Mirae Asset Dynamic Bond Fund has been one of the best performing dynamic bond funds since its inception. Please discuss the investment strategy of this fund?

The word dynamic in itself gives the freedom to rebalance the portfolio with evolving interest rate outlook. Thus with this fund we change exposure to longer or shorter maturity bonds and composition between govt bonds and cash equivalents. The duration of portfolio is based on view of domestic and global scenarios, timely evaluated and taken call whenever necessary. With markets being so volatile, this year may have been supportive of such an strategy.

What are your views on risks to FY 21 fiscal deficit target and bond yields creeping up due to Coronavirus? How should investors plan their fixed income investments for short to medium term (2 – 3 years) and long term (more than 3 years) in the current environment?

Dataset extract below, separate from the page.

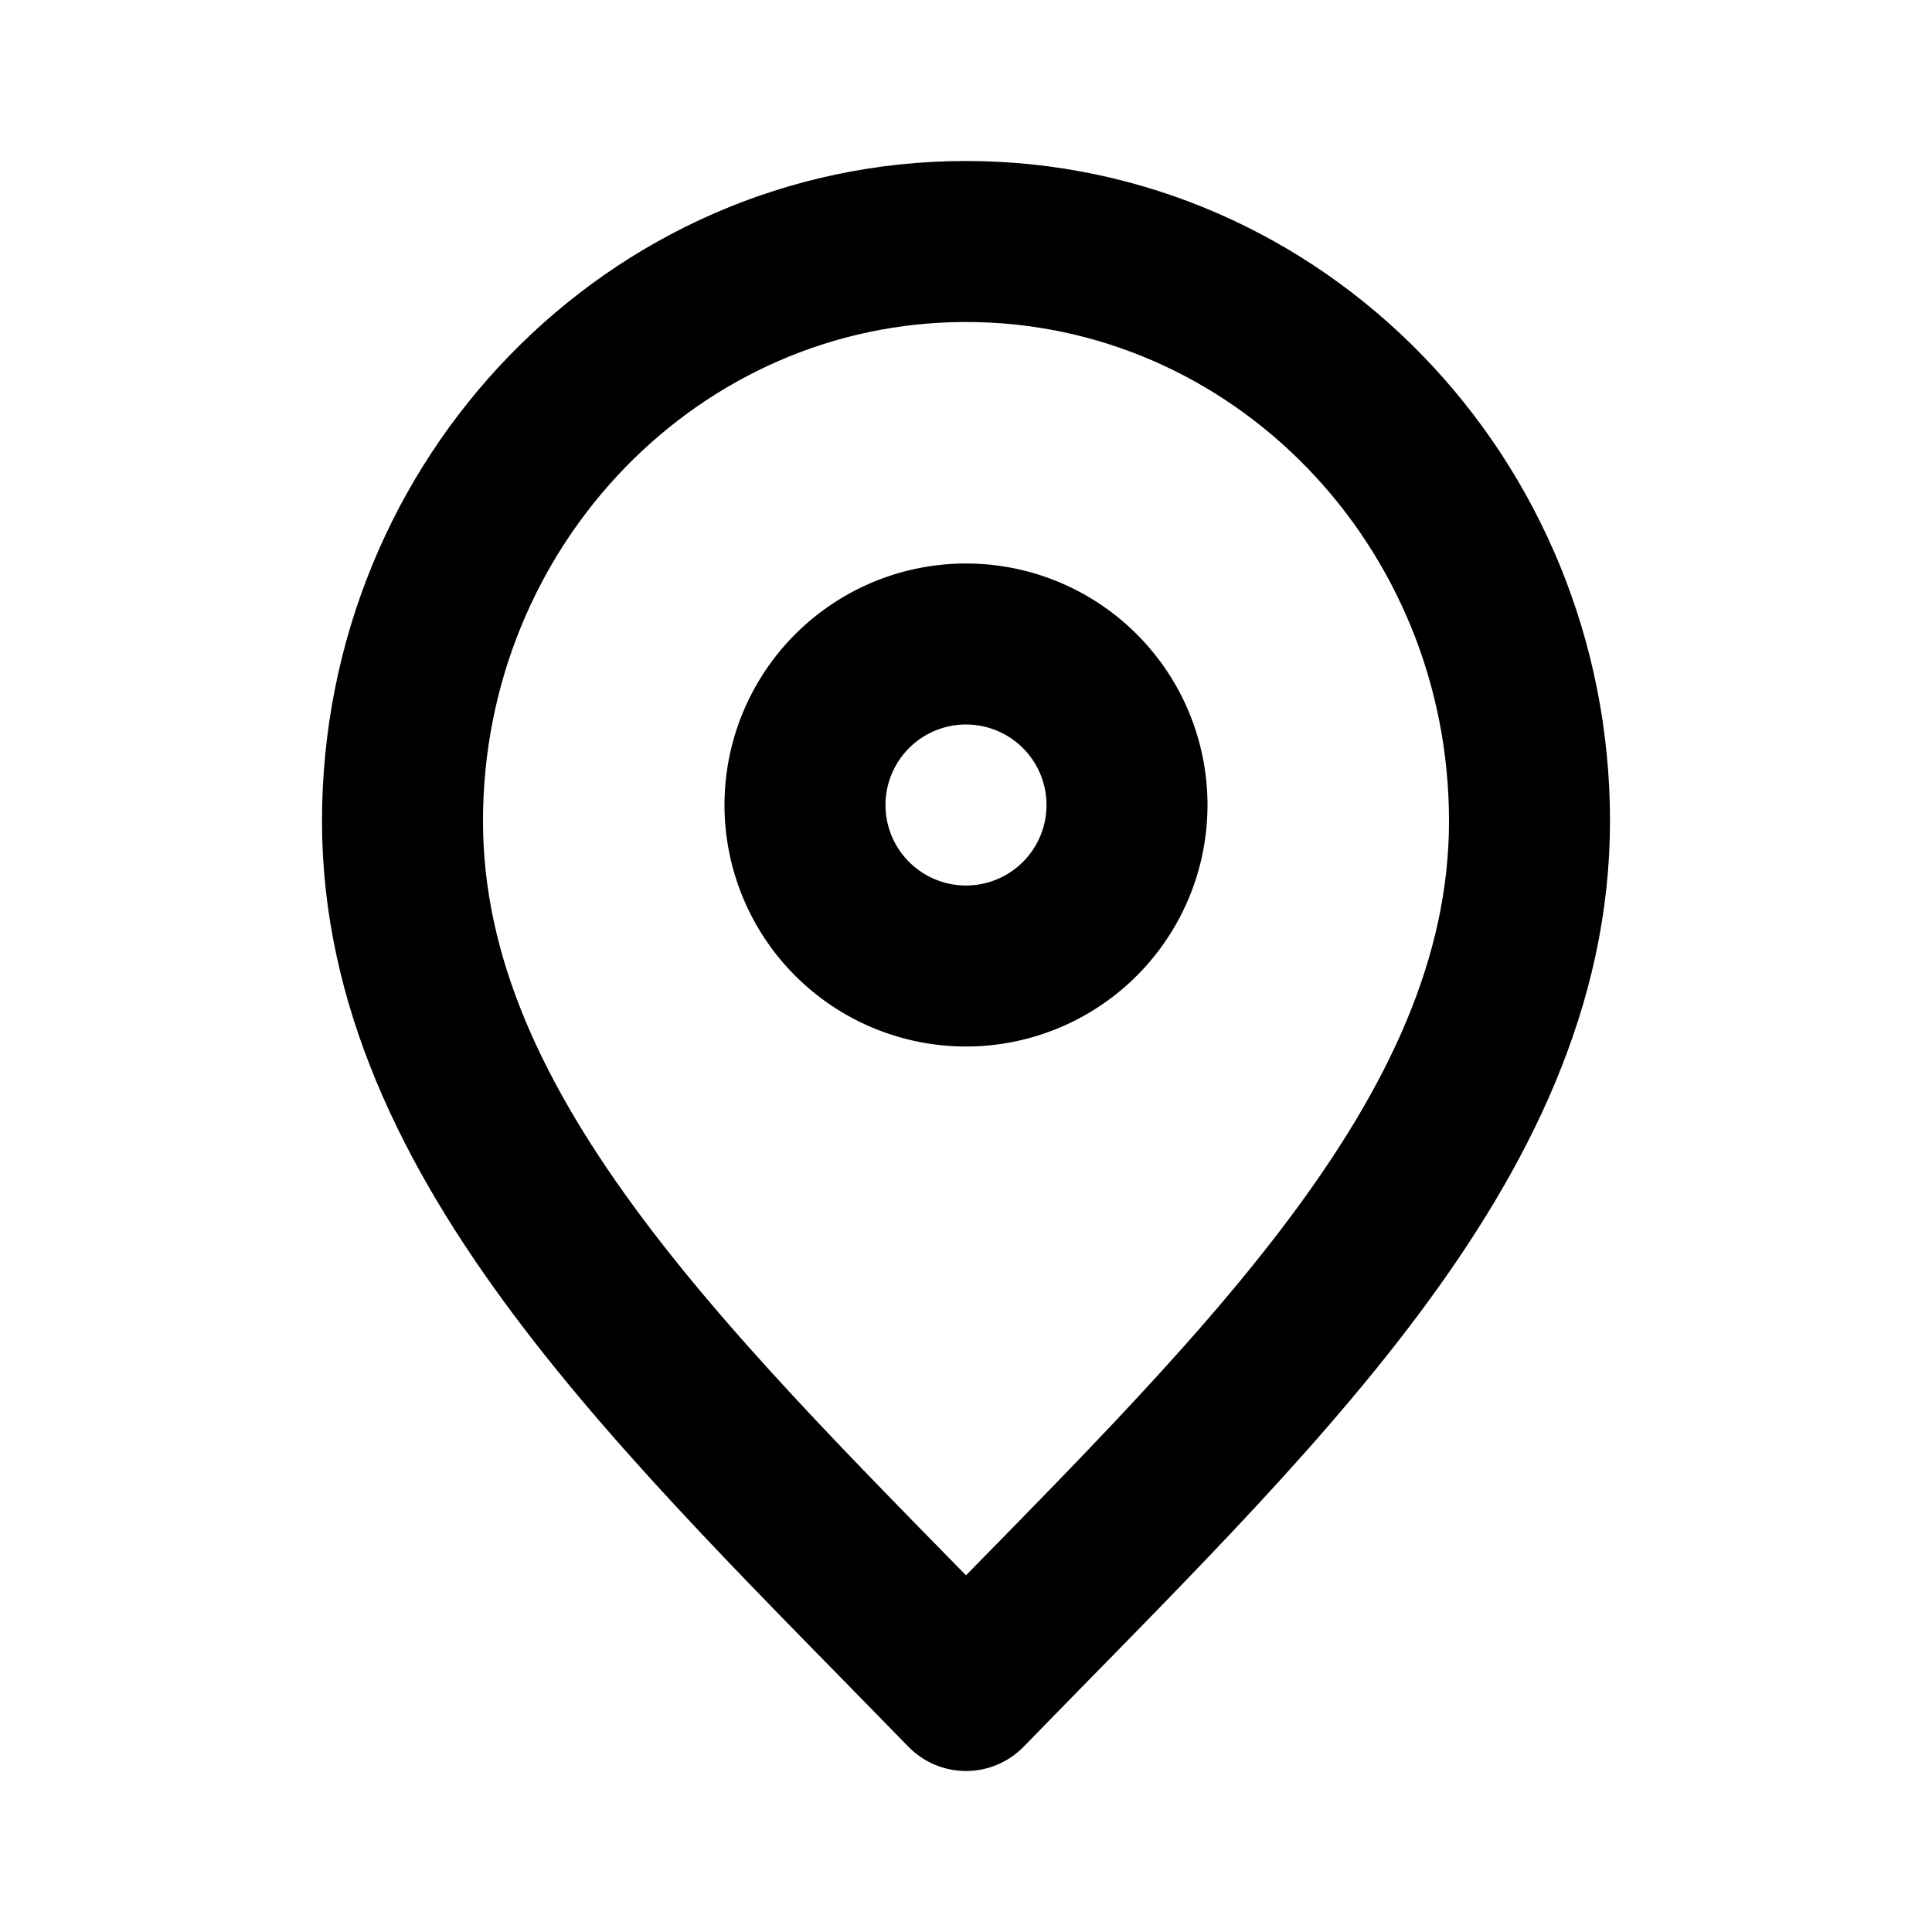 <svg xmlns="http://www.w3.org/2000/svg" width="27" height="27" fill="none" viewBox="0 0 24 24"><path stroke="#000" stroke-linecap="round" stroke-linejoin="round" stroke-width="2" d="M12 21c3.5-3.6 7-6.824 7-10.8C19 6.224 15.866 3 12 3s-7 3.224-7 7.2 3.5 7.2 7 10.8Z"/><path stroke="#000" stroke-linecap="round" stroke-linejoin="round" stroke-width="2" d="M12 12a2 2 0 1 0 0-4 2 2 0 0 0 0 4Z"/></svg>

In the time of this crisis rather than economic factors, the resolution to pandemic will play an essential role. Institutions will have to provide cushion to workers and businesses in form of both monetary and fiscal measures. This is widely accepted by the markets and factored in. However lower crude oil prices may provide some relief but not to a great extent. Despite of fiscal breach the monetary tools are expected to remain supportive to aid this economic blow out thus the bond yields are expected to witness further fall from here. As for investors they should remain invested according to their planned time horizon and ignore the market volatility but keep away from the aggressive credits. More importantly they should consult their respective advisor rather than be guided by this general statement.

Mutual Fund Investments are subject to market risk, read all scheme related documents carefully.